Primitive neuroectodermal tumor (PNET) in association with bilateral retinoblastoma presented in this child first as a brain tumor. Usually the intracranial tumor originates in the pineal gland. Since external beam radiation of infants is now rarely used as primary treatment for retinoblastoma, replaced by chemotherapy, the frequency of trilateral retinoblastoma has decreased markedly. Treatment of trilateral retinoblastoma includes extensive therapy including systemic chemotherapy, intrathecal chemotherapy, and high-dose chemotherapy with stem cell transplant rescue, as well as local therapy to the eye tumors. (The authors are grateful for the contributions to this legend by Drs.
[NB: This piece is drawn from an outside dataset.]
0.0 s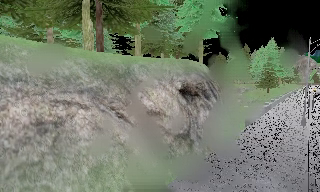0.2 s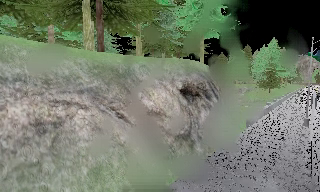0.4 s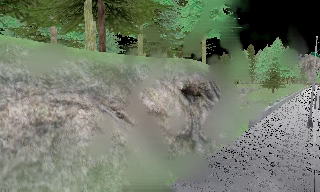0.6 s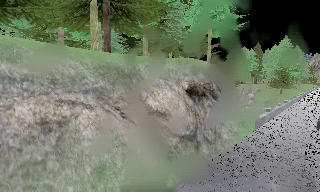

Vikas Khetan and Zhao Jun Yang.)

 

Figure 8.55 Retinoblastoma Secondary Tumor

This computed tomography scan shows glioblastoma multiforme (2nd tumor) in a patient with bilateral retinoblastoma after radiation therapy. Radiation can induce second nonocular malignancies in the radiated field. Second tumors outside the field may also develop in patients with retinoblastoma later in life. (The authors are grateful for the contributions to this legend by Drs. Vikas Khetan and Zhao Jun Yang.)